The state Department of Education condemned the playground in 2017 after high humidity and rain rusted the play equipment, and it was deemed unsafe for children to play on.

The students at Keonepoko Elementary school in Pahoa just want a playground to play on during recess.

For two years, their campus playground has been condemned and cordoned off with yellow caution tape, and students have been making do with a grassy area and single walkway. The students, approximately 575 in all, have no swings, slides or play structure.

To change this, teachers at the school have launched a GoFundMe campaign, seeking to raise $375,000 to help the school build a new playground on campus. Funds from the campaign will go into an account run by Friends of Keonepoko, a nonprofit led by special education teacher Judith Tang.

“We just want a playground,” said Tang. “I thought, even though we went a whole year without it being fixed, I thought it would be fixed when I came back [from summer break]…These kids are going another year without a playground…We want it to happen.”

As part of the campaign, second-graders and teacher Christi-Jean Donnelly sing a song asking for a playground in a video posted to YouTube, with the help of music teacher Jenifer Tsuji.

The state Department of Education condemned the playground in 2017 after high humidity and rain rusted the play equipment, and it was deemed unsafe for children to play on.
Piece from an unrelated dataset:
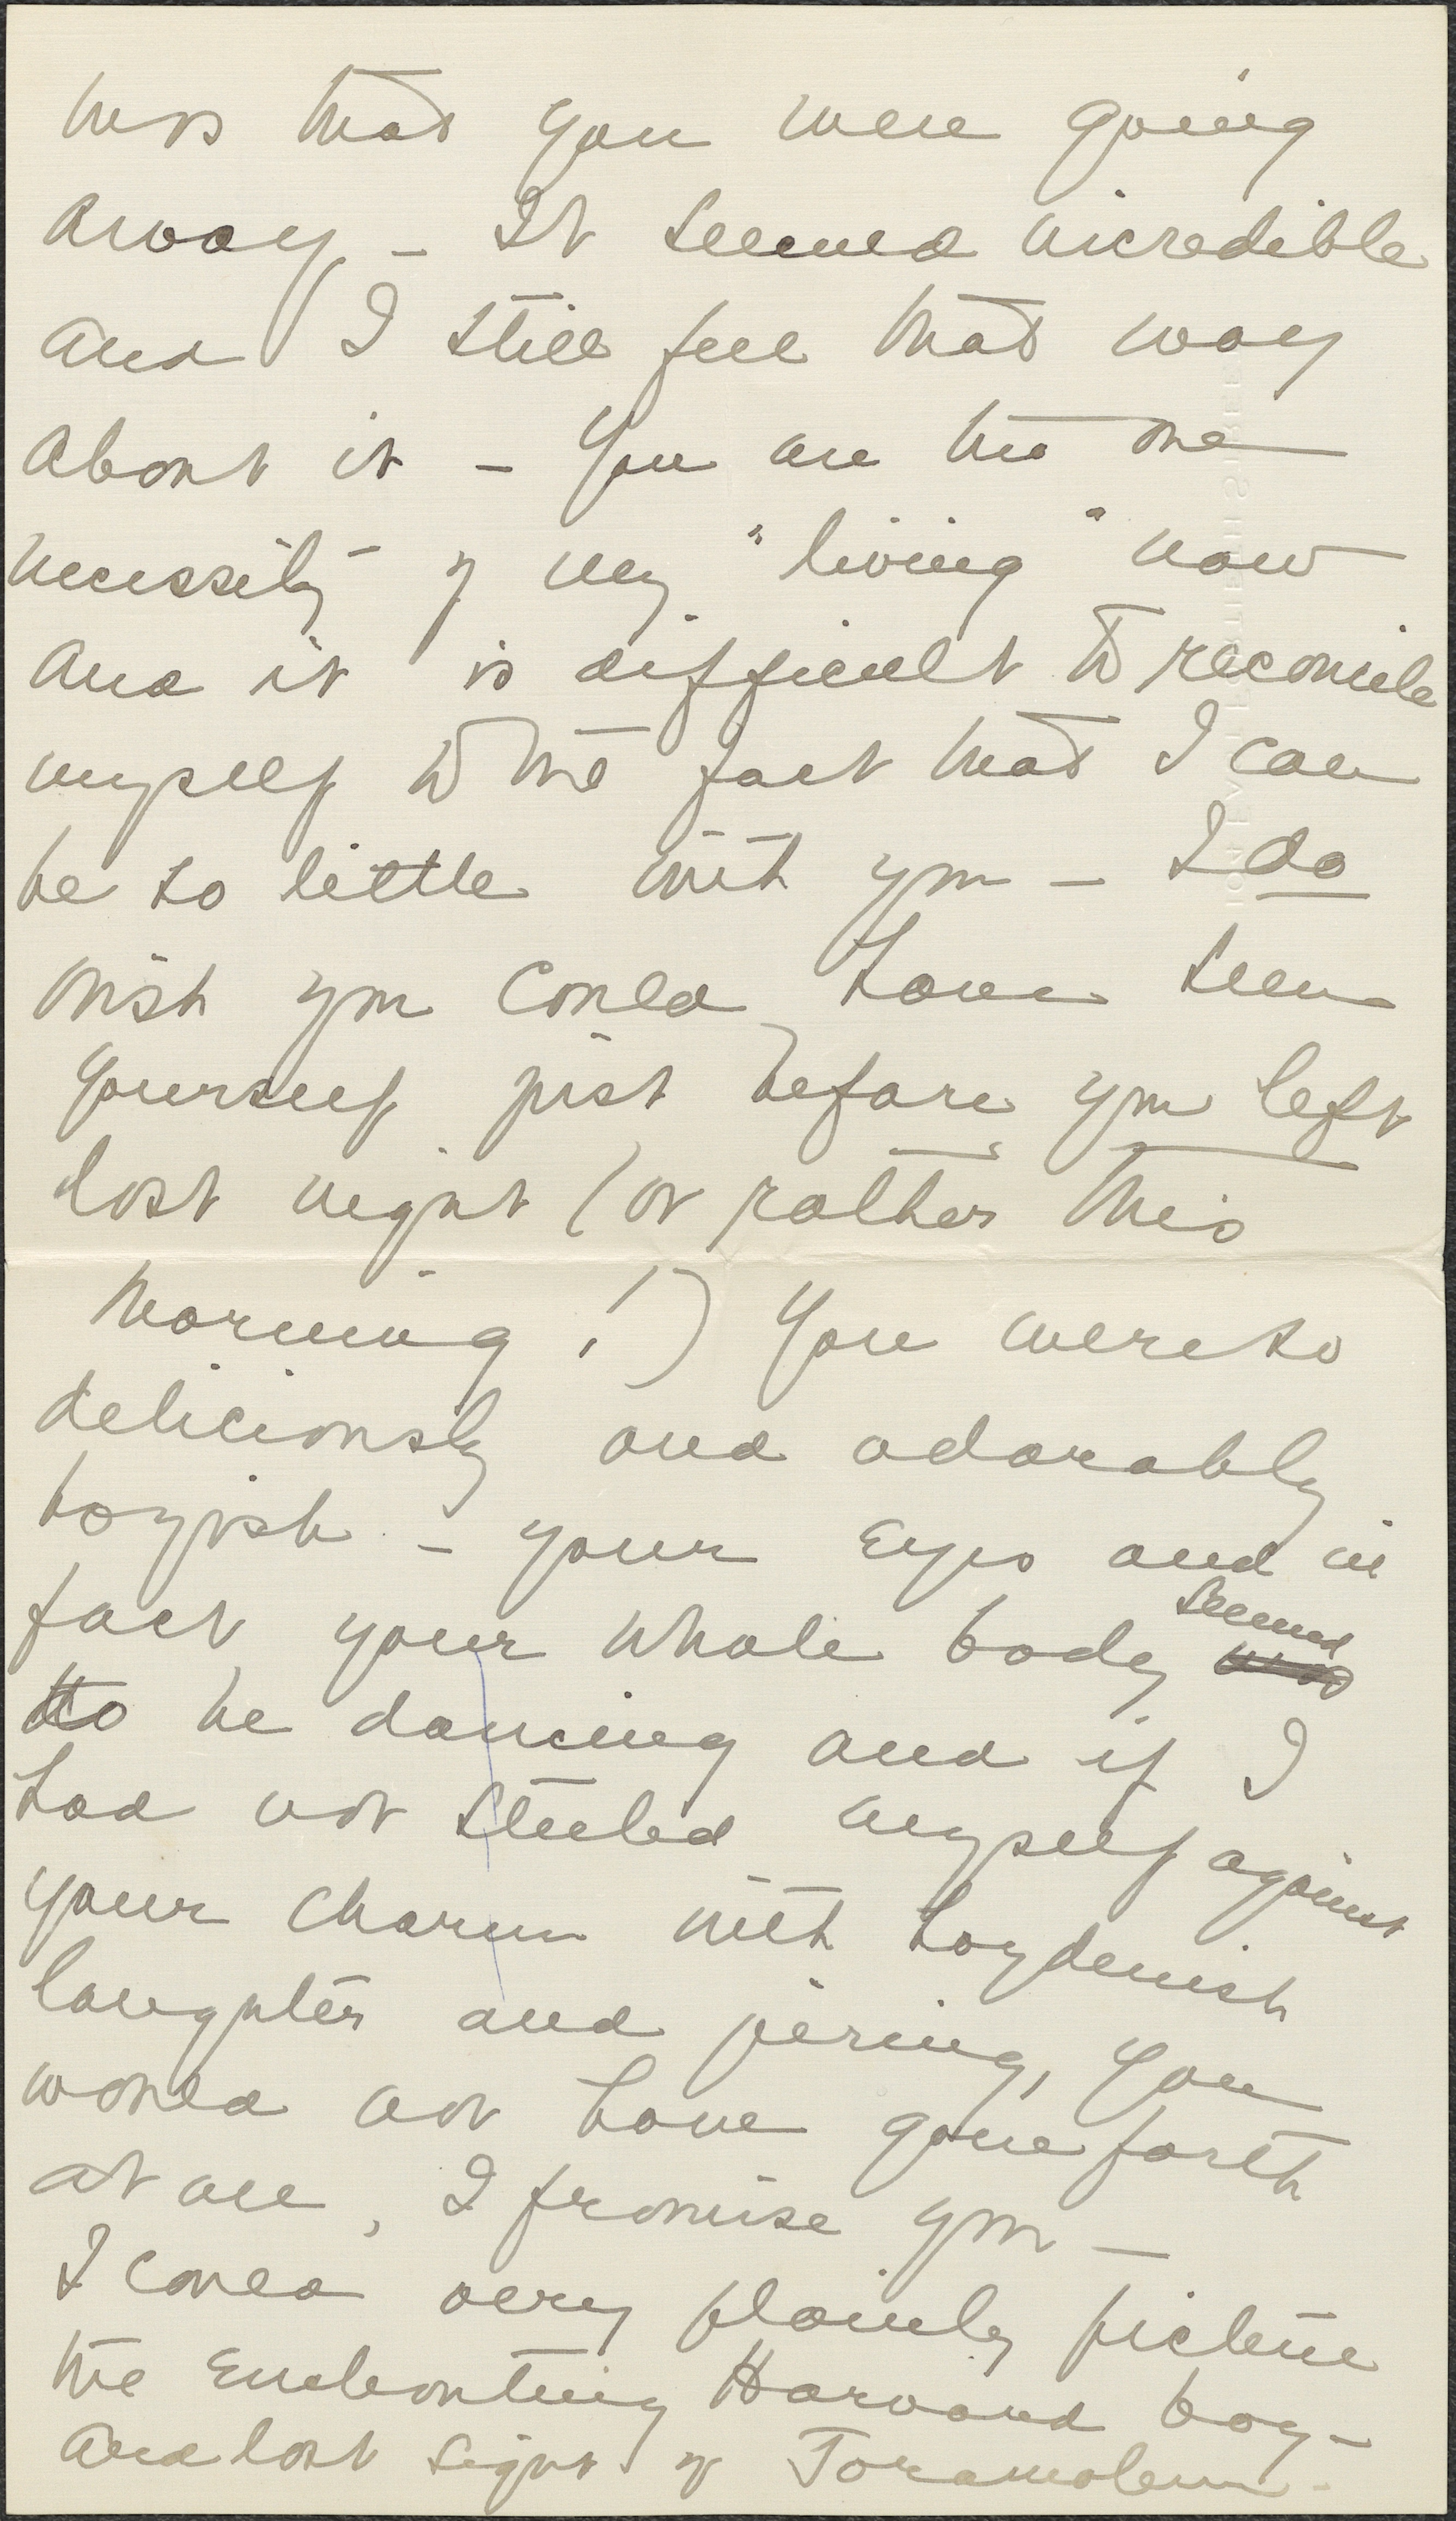was that you were going away – it seemed incredible and I still feel that way about it – you are the one necessity of my “living” now and it is difficult to reconcile myself to the fact that I can be so little with you – I do wish you could have seen yourself just before you left last night (or rather this morning!) you were so deliciously and adorable boyish – your eyes and in fact your whole body was [^seemed^] to be dancing and if I had not steeled myself against your charm with hoydenish laughter and jeering, you would not have gone forth at all, I promise you –
I could very plainly picture the enchanting Harvard boy – and lost sight of Joramolem [?]

Tang said the school is on a waiting list, but that it might be another three years before it gets a new playground. She decided to take initiative with the campaign, with the thought that some kindergarteners at the school would not get an opportunity to play on a playground at recess for years.

Design plans have not been finalized yet, Tang said, but she is envisioning a play structure that offers kids a mental as well as physical challenge, a swing that children can lay on, a basketball court and benches with shade.

Many of the staff, as well as parents of children who attend the school, she said, lost their homes or were forced to evacuate during the 2018 Kilauea eruption.

The state DOE will contribute $100,000 toward the new playground, a spokeswoman said, and will also pay for the removal of the existing playground.

Correction: A previous version of this story misspelled the music teacher Jenifer Tsuji’s last name.